Busca recordar un momento de tu pasado en donde algo no te pareció justo o correcto. En retrospectiva seguramente podrás ver como Dios te ayudó a superar ese evento. Dios, al utilizar ese evento en donde te llenaste de angustia y miedo te llevo por el camino que llegaba a un buen final.

 

Dios provee y siempre cubre nuestras necesidades básicas

En el Éxodo 16 se narra cómo, un mes después de salir de Egipto, los israelitas carecían de la buena comida que había comido con anterioridad.
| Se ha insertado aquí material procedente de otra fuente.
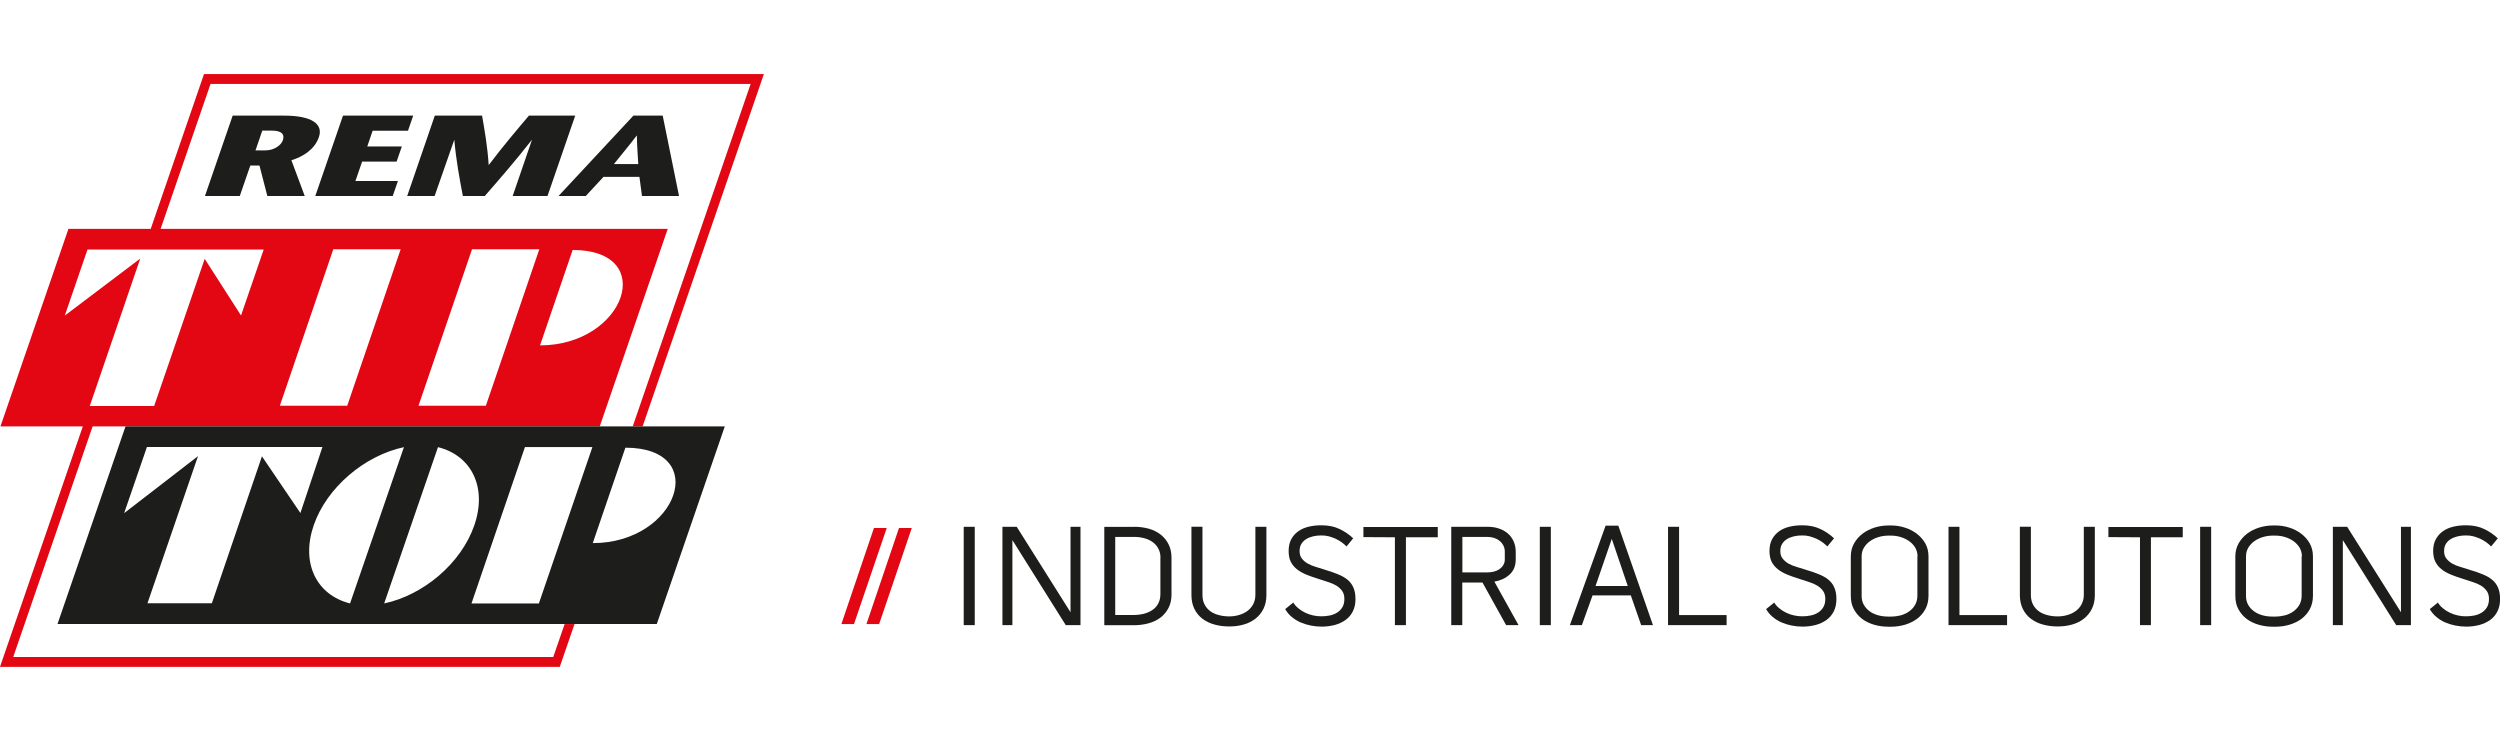 <?xml version="1.0" encoding="UTF-8"?>
<svg id="Ebene_1" xmlns="http://www.w3.org/2000/svg" version="1.1" xmlns:xlink="http://www.w3.org/1999/xlink" viewBox="0 0 283.46 84.01">
  <!-- Generator: Adobe Illustrator 29.0.0, SVG Export Plug-In . SVG Version: 2.1.0 Build 186)  -->
  <defs>
    <clipPath id="clippath">
      <rect y="8.4" width="283.46" height="67.2" fill="none"/>
    </clipPath>
    <clipPath id="clippath-1">
      <rect y="8.4" width="283.46" height="67.2" fill="none"/>
    </clipPath>
    <clipPath id="clippath-2">
      <rect y="8.4" width="283.46" height="67.2" fill="none"/>
    </clipPath>
    <clipPath id="clippath-3">
      <rect y="8.4" width="283.46" height="67.2" fill="none"/>
    </clipPath>
    <clipPath id="clippath-4">
      <rect y="8.4" width="283.46" height="67.2" fill="none"/>
    </clipPath>
    <clipPath id="clippath-5">
      <rect y="8.4" width="283.46" height="67.2" fill="none"/>
    </clipPath>
  </defs>
  <rect x="109.27" y="59.73" width="1.25" height="11.15" fill="#1d1d1b"/>
  <polygon points="121.38 59.73 122.51 59.73 122.51 70.88 120.84 70.88 114.79 61.24 114.79 70.88 113.66 70.88 113.66 59.73 115.28 59.73 121.38 69.42 121.38 59.73" fill="#1d1d1b"/>
  <g clip-path="url(#clippath)">
    <path d="M131.58,63.24c0-.39-.08-.74-.24-1.03-.15-.3-.37-.54-.64-.74-.28-.2-.59-.35-.94-.44-.35-.1-.73-.15-1.12-.15h-2.19v8.85h2.09c.41,0,.8-.05,1.17-.14.36-.1.69-.24.96-.43.28-.19.5-.43.66-.74.16-.3.24-.65.24-1.06v-4.14ZM128.63,59.73c.58,0,1.13.08,1.64.22.51.15.96.37,1.34.67.37.29.67.66.89,1.1.22.44.33.94.33,1.53v4.15c0,.59-.11,1.1-.35,1.55-.23.44-.54.8-.92,1.09-.39.29-.84.5-1.36.64-.52.14-1.08.21-1.66.21h-3.33v-11.15h3.43Z" fill="#1d1d1b"/>
    <path d="M142.34,59.73h1.25v7.74c0,.59-.11,1.11-.33,1.55-.22.45-.52.82-.9,1.12-.39.3-.83.53-1.34.67-.51.15-1.06.22-1.65.22s-1.17-.07-1.68-.22c-.52-.14-.98-.37-1.36-.66-.39-.3-.69-.67-.91-1.12-.22-.45-.33-.97-.33-1.57v-7.74h1.25v7.74c0,.41.08.78.24,1.08.16.31.38.56.65.76.27.2.59.34.96.44.37.1.76.15,1.17.15.39,0,.77-.05,1.13-.16.36-.1.68-.26.95-.46.27-.2.49-.46.65-.76.16-.31.25-.65.25-1.05v-7.74Z" fill="#1d1d1b"/>
    <path d="M150.24,64.61c.53.15,1,.31,1.43.49.43.17.79.37,1.09.61.3.24.53.54.69.9.16.35.24.8.24,1.32s-.1,1-.3,1.39c-.2.4-.47.72-.82.97-.35.25-.75.44-1.21.57-.47.12-.96.19-1.49.19-.41,0-.83-.04-1.24-.12-.41-.08-.8-.2-1.17-.36-.37-.16-.7-.37-1-.62-.3-.25-.55-.55-.74-.89l.92-.74c.14.24.33.46.57.65.24.2.5.37.78.5.29.14.58.24.9.31.31.07.61.1.91.1.35,0,.69-.03,1.01-.1.32-.07.6-.19.84-.35s.43-.36.57-.61c.14-.25.21-.55.21-.91s-.08-.66-.25-.9-.38-.43-.64-.6c-.27-.16-.58-.3-.93-.41-.35-.11-.71-.22-1.08-.35-.49-.15-.95-.31-1.37-.48-.42-.17-.78-.37-1.09-.61-.31-.24-.54-.52-.71-.85s-.25-.75-.25-1.24c0-.51.1-.96.29-1.32.2-.37.46-.67.8-.91.33-.24.73-.41,1.18-.52.45-.11.94-.16,1.45-.16.79,0,1.48.14,2.07.43.59.29,1.1.63,1.53,1.05l-.76.92c-.15-.16-.33-.32-.54-.47-.21-.15-.44-.28-.68-.4-.25-.11-.51-.2-.78-.28-.27-.07-.55-.1-.84-.1-.33,0-.64.03-.94.1-.29.07-.56.17-.78.31-.23.14-.42.32-.55.54-.14.22-.21.5-.21.83s.09.62.26.84.39.41.67.57c.27.15.58.28.92.38.35.1.69.21,1.04.32" fill="#1d1d1b"/>
  </g>
  <polygon points="154.59 60.9 154.59 59.75 163.02 59.75 163.02 60.92 159.41 60.92 159.41 70.88 158.16 70.88 158.16 60.92 154.59 60.9" fill="#1d1d1b"/>
  <g clip-path="url(#clippath-1)">
    <path d="M165.8,64.9h2.87c.24,0,.48-.03.72-.09.23-.06.44-.15.62-.28.18-.12.33-.28.44-.47.12-.18.17-.4.17-.64v-.87c0-.25-.05-.48-.16-.69-.11-.21-.25-.39-.43-.53-.18-.15-.39-.26-.62-.34-.24-.07-.48-.11-.73-.11h-2.87v4.02ZM171.17,65.14c-.46.42-1.04.69-1.73.81l2.74,4.93h-1.41l-2.68-4.83h-2.29v4.83h-1.25v-11.15h4.13c.45,0,.87.06,1.25.19.39.12.73.31,1.01.55.29.24.51.54.67.89.16.35.25.75.25,1.2v.87c0,.72-.23,1.3-.7,1.72" fill="#1d1d1b"/>
  </g>
  <rect x="174.59" y="59.73" width="1.25" height="11.15" fill="#1d1d1b"/>
  <path d="M184.56,66.44l-1.81-5.34-1.84,5.34h3.64ZM183.49,59.6l3.93,11.28h-1.34l-1.17-3.37h-4.34l-1.21,3.37h-1.36l4.05-11.28h1.44Z" fill="#1d1d1b"/>
  <polygon points="190.38 59.73 190.38 69.74 195.77 69.74 195.77 70.88 189.13 70.88 189.13 59.73 190.38 59.73" fill="#1d1d1b"/>
  <g clip-path="url(#clippath-2)">
    <path d="M204.77,64.61c.52.15,1,.31,1.43.49.43.17.79.37,1.09.61.3.24.53.54.69.9.16.35.24.8.24,1.32s-.1,1-.3,1.39c-.2.4-.48.72-.82.97-.35.25-.75.44-1.22.57-.46.12-.96.19-1.48.19-.41,0-.83-.04-1.24-.12-.41-.08-.8-.2-1.17-.36-.37-.16-.7-.37-1-.62-.3-.25-.55-.55-.74-.89l.92-.74c.14.24.33.46.57.65.24.2.5.37.78.5.29.14.58.24.9.31s.61.1.91.1c.35,0,.69-.03,1.01-.1.32-.07.6-.19.84-.35.24-.16.43-.36.57-.61.14-.25.21-.55.21-.91s-.08-.66-.25-.9-.38-.43-.65-.6c-.27-.16-.57-.3-.92-.41-.35-.11-.71-.22-1.08-.35-.49-.15-.95-.31-1.37-.48-.42-.17-.78-.37-1.09-.61s-.54-.52-.72-.85c-.16-.33-.25-.75-.25-1.24,0-.51.1-.96.29-1.32.2-.37.47-.67.8-.91.33-.24.73-.41,1.18-.52.45-.11.94-.16,1.45-.16.79,0,1.47.14,2.07.43.59.29,1.1.63,1.53,1.05l-.76.92c-.16-.16-.33-.32-.54-.47-.21-.15-.43-.28-.68-.4-.25-.11-.51-.2-.78-.28-.27-.07-.55-.1-.84-.1-.33,0-.64.03-.94.1-.29.07-.56.17-.79.31-.23.14-.41.32-.55.54-.14.22-.21.5-.21.83s.08.62.26.84c.17.22.39.41.66.57.27.15.58.28.93.38.34.1.69.21,1.04.32" fill="#1d1d1b"/>
    <path d="M217.42,63.1c0-.37-.09-.7-.26-1-.17-.29-.41-.54-.69-.74-.28-.2-.61-.36-.97-.47-.36-.11-.73-.16-1.1-.16h-.28c-.37,0-.74.05-1.11.16-.37.11-.69.26-.98.47-.29.2-.51.45-.69.74-.18.29-.26.62-.26.99v4.46c0,.39.08.74.25,1.03.17.29.39.54.67.74s.61.35.98.45c.37.1.76.14,1.15.14h.26c.39,0,.76-.05,1.12-.14.37-.1.69-.25.96-.45.28-.2.5-.44.67-.74.17-.3.26-.64.26-1.03v-4.45ZM215.98,59.82c.51.16.96.4,1.36.7.4.31.72.67.96,1.1.24.43.36.92.36,1.47v4.46c0,.57-.12,1.07-.35,1.51-.24.44-.55.8-.94,1.1-.39.29-.85.51-1.36.67-.51.15-1.05.23-1.61.23h-.26c-.57,0-1.11-.07-1.63-.22-.52-.15-.98-.37-1.37-.66-.39-.3-.7-.66-.94-1.1-.24-.44-.35-.94-.35-1.52v-4.46c0-.55.12-1.03.36-1.47.24-.43.56-.8.96-1.11.4-.31.86-.53,1.37-.7.51-.16,1.04-.24,1.59-.24h.28c.55,0,1.08.08,1.58.25" fill="#1d1d1b"/>
  </g>
  <polygon points="222.17 59.73 222.17 69.74 227.57 69.74 227.57 70.88 220.93 70.88 220.93 59.73 222.17 59.73" fill="#1d1d1b"/>
  <g clip-path="url(#clippath-3)">
    <path d="M236.27,59.73h1.25v7.74c0,.59-.11,1.11-.33,1.55-.22.45-.52.82-.9,1.12-.38.3-.83.53-1.34.67-.51.15-1.06.22-1.65.22s-1.16-.07-1.68-.22c-.52-.14-.97-.37-1.36-.66-.39-.3-.69-.67-.91-1.12-.22-.45-.33-.97-.33-1.57v-7.74h1.25v7.74c0,.41.08.78.24,1.08.16.31.38.56.65.76.27.2.59.34.96.44.37.1.76.15,1.17.15s.77-.05,1.13-.16c.36-.1.68-.26.95-.46.27-.2.49-.46.65-.76.16-.31.25-.65.25-1.05v-7.74Z" fill="#1d1d1b"/>
  </g>
  <polygon points="239.06 60.9 239.06 59.75 247.49 59.75 247.49 60.92 243.88 60.92 243.88 70.88 242.64 70.88 242.64 60.92 239.06 60.9" fill="#1d1d1b"/>
  <rect x="249.46" y="59.73" width="1.25" height="11.15" fill="#1d1d1b"/>
  <g clip-path="url(#clippath-4)">
    <path d="M261,63.1c0-.37-.09-.7-.26-1-.18-.29-.41-.54-.69-.74-.29-.2-.61-.36-.97-.47-.36-.11-.73-.16-1.1-.16h-.28c-.38,0-.74.05-1.11.16-.37.11-.69.26-.98.47-.29.2-.51.45-.69.74-.17.29-.26.62-.26.99v4.46c0,.39.08.74.25,1.03.16.29.39.54.67.74.28.2.6.35.97.45.37.1.76.14,1.15.14h.26c.38,0,.76-.05,1.12-.14.36-.1.69-.25.96-.45s.5-.44.67-.74c.17-.3.26-.64.26-1.03v-4.45ZM259.57,59.82c.51.16.96.4,1.36.7.4.31.72.67.96,1.1.24.43.36.92.36,1.47v4.46c0,.57-.12,1.07-.35,1.51-.23.44-.55.8-.94,1.1-.39.29-.84.51-1.36.67-.51.15-1.04.23-1.6.23h-.26c-.57,0-1.11-.07-1.63-.22-.52-.15-.98-.37-1.37-.66-.39-.3-.7-.66-.94-1.1-.24-.44-.35-.94-.35-1.52v-4.46c0-.55.12-1.03.36-1.47.24-.43.56-.8.96-1.11.4-.31.86-.53,1.37-.7.52-.16,1.04-.24,1.59-.24h.28c.54,0,1.07.08,1.58.25" fill="#1d1d1b"/>
  </g>
  <polygon points="272.23 59.73 273.36 59.73 273.36 70.88 271.69 70.88 265.64 61.24 265.64 70.88 264.51 70.88 264.51 59.73 266.13 59.73 272.23 69.42 272.23 59.73" fill="#1d1d1b"/>
  <g clip-path="url(#clippath-5)">
    <path d="M280.02,64.61c.53.15,1,.31,1.43.49.43.17.79.37,1.09.61.3.24.53.54.69.9.16.35.24.8.24,1.32s-.1,1-.3,1.39c-.2.4-.47.72-.82.97-.35.25-.75.44-1.21.57-.47.12-.96.19-1.49.19-.41,0-.83-.04-1.24-.12-.41-.08-.8-.2-1.17-.36-.37-.16-.7-.37-1-.62-.3-.25-.55-.55-.74-.89l.92-.74c.14.24.33.46.57.65.24.2.5.37.78.5.29.14.58.24.9.31.31.07.61.1.91.1.35,0,.69-.03,1.01-.1.32-.07.6-.19.84-.35.24-.16.43-.36.57-.61.14-.25.21-.55.21-.91s-.08-.66-.25-.9-.38-.43-.64-.6c-.27-.16-.58-.3-.93-.41-.35-.11-.71-.22-1.08-.35-.49-.15-.95-.31-1.37-.48-.42-.17-.79-.37-1.09-.61-.31-.24-.54-.52-.71-.85s-.26-.75-.26-1.24c0-.51.1-.96.3-1.32.2-.37.46-.67.8-.91.33-.24.73-.41,1.18-.52.45-.11.94-.16,1.45-.16.79,0,1.48.14,2.07.43.59.29,1.1.63,1.53,1.05l-.76.92c-.16-.16-.33-.32-.54-.47-.21-.15-.44-.28-.68-.4-.25-.11-.51-.2-.78-.28-.27-.07-.55-.1-.84-.1-.33,0-.64.03-.94.1-.29.07-.56.17-.79.31-.23.14-.41.32-.55.54-.14.22-.21.5-.21.83s.08.62.26.84c.17.22.39.41.66.57.27.15.58.28.93.38.35.1.69.21,1.04.32" fill="#1d1d1b"/>
    <path d="M86.61,8.4l-13.75,39.95h-1.12l13.37-38.83H23.87l-5.66,16.43h57.5l-7.71,22.4H10.5L1.5,74.49h61.23l1.29-3.73h1.12l-1.67,4.85H0l9.39-27.26H.05l7.71-22.4h9.33l6.04-17.55h63.47ZM53.52,28.26l-6.07,17.74h7.64l6.06-17.74h-7.63ZM61.23,39.16c9.65,0,13.44-10.81,3.7-10.82l-3.7,10.82ZM7.35,35.78l8.55-6.46-5.72,16.71h7.3l5.73-16.68,4.12,6.42,2.57-7.48H9.92l-2.57,7.48ZM37.79,28.26l-6.06,17.74h7.64l6.06-17.74h-7.64Z" fill="#e30613"/>
    <path d="M65.22,13.11l-3.14,9.11h-3.95l2.19-6.38c-1.87,2.38-3.61,4.39-5.35,6.38h-2.49c-.38-1.99-.76-4-.97-6.38l-2.23,6.38h-3.11l3.13-9.11h5.36c.3,1.74.61,3.48.75,5.61,1.62-2.14,3.09-3.87,4.56-5.61h5.25ZM46.85,13.11l-.59,1.71h-4.01l-.61,1.79h3.92l-.59,1.71h-3.91l-.76,2.2h4.82l-.59,1.7h-8.78l3.14-9.11h7.97ZM23.24,22.22l3.14-9.11h5.85c3.09,0,4.44.94,3.93,2.43-.48,1.39-1.76,2.21-3.12,2.63l1.51,4.05h-4.24l-.89-3.45h-1.04l-1.19,3.45h-3.96ZM29.74,14.81l-.77,2.24h1.13c1.04,0,1.79-.63,1.96-1.12.31-.9-.42-1.12-1.27-1.12h-1.05ZM6.52,70.75l7.71-22.4h67.95l-7.71,22.4H6.52ZM59.52,50.69l-6.06,17.73h7.64l6.07-17.73h-7.64ZM67.21,61.58c9.65,0,13.44-10.81,3.7-10.82l-3.7,10.82ZM49.66,50.7l-6.1,17.72c4.44-.94,8.74-4.55,10.22-8.86,1.49-4.31-.33-7.92-4.12-8.86M35.57,59.56c-1.48,4.31.33,7.91,4.12,8.86l6.11-17.72c-4.44.94-8.75,4.56-10.23,8.86M14.08,58.18l8.37-6.46-5.73,16.68h7.3l5.68-16.66,4.36,6.43,2.5-7.49h-19.9l-2.58,7.49ZM71.82,13.11h3.32l1.85,9.11h-4.2l-.29-2.17h-4.07l-2.01,2.17h-3.09l8.49-9.11ZM69.61,18.6h2.76c-.06-1.08-.14-1.95-.16-3.25-.99,1.3-1.74,2.17-2.6,3.25" fill="#1d1d1b"/>
  </g>
  <polygon points="99.09 59.87 100.54 59.87 96.83 70.76 95.4 70.76 99.09 59.87" fill="#e30613"/>
  <polygon points="101.93 59.87 103.38 59.87 99.68 70.76 98.24 70.76 101.93 59.87" fill="#e30613"/>
</svg>

El árido desierto que atravesaban no les proporcionaba comida. El Señor escuchó el clamor de los israelitas y Él hizo que lloviera maná, una golosina dulce como una oblea y, todas las mañanas y cada noche se les proporcionó codornices.

Él se preocupa por nuestras necesidades y nuestras provisiones diarias.

¿Por qué preocuparnos por el alimento o la bebida o por nuestras vestimentas? Él conoce bien lo que necesitamos y anhela proporcionarnos de todo aquello que precisamos para vivir.

Claro está que eso no significa que no tengamos que trabajar, sino mas bien, que trabajemos por vocación y por un empeño de ser útiles y dar un buen ejemplo a nuestros seres amados, sabiendo que Dios va a bendecir el fruto de nuestra manos y nos va a proveer, el trabajo, el salario, y va a multiplicar el fruto de nuestra labor.

Agradece siempre, cada día, por tu alimento, por tu hogar y por tu vestido porque todo eso viene de la bondad de Dios.

Dios provee para satisfacer nuestros anhelos.

Samuel 1 nos relata la historia de Ana. No pudo tener hijos con su esposo.

Un día fue al Tabernáculo y oró con tanto fervor por un bebé que el sacerdote pensó que estaba ebria.

Pero la verdad, es que ella solo estaba derramando su corazón hacia su Señor. El sacerdote estuvo de acuerdo con Ana en oración para que su solicitud fuera escuchada y respondida.

Y a su debido tiempo, Ana dio a luz a un hijo llamado Samuel, que significa "Yo le pedí al Señor por él". El Señor no solo satisface nuestras necesidades. A veces también nos proporciona los anhelos más profundos de nuestro corazón. nuestro Dios pone algunos deseos dentro de tu corazón y cuando oras por lo que quieres, si  Él lo quiere, lo hará realidad para ti.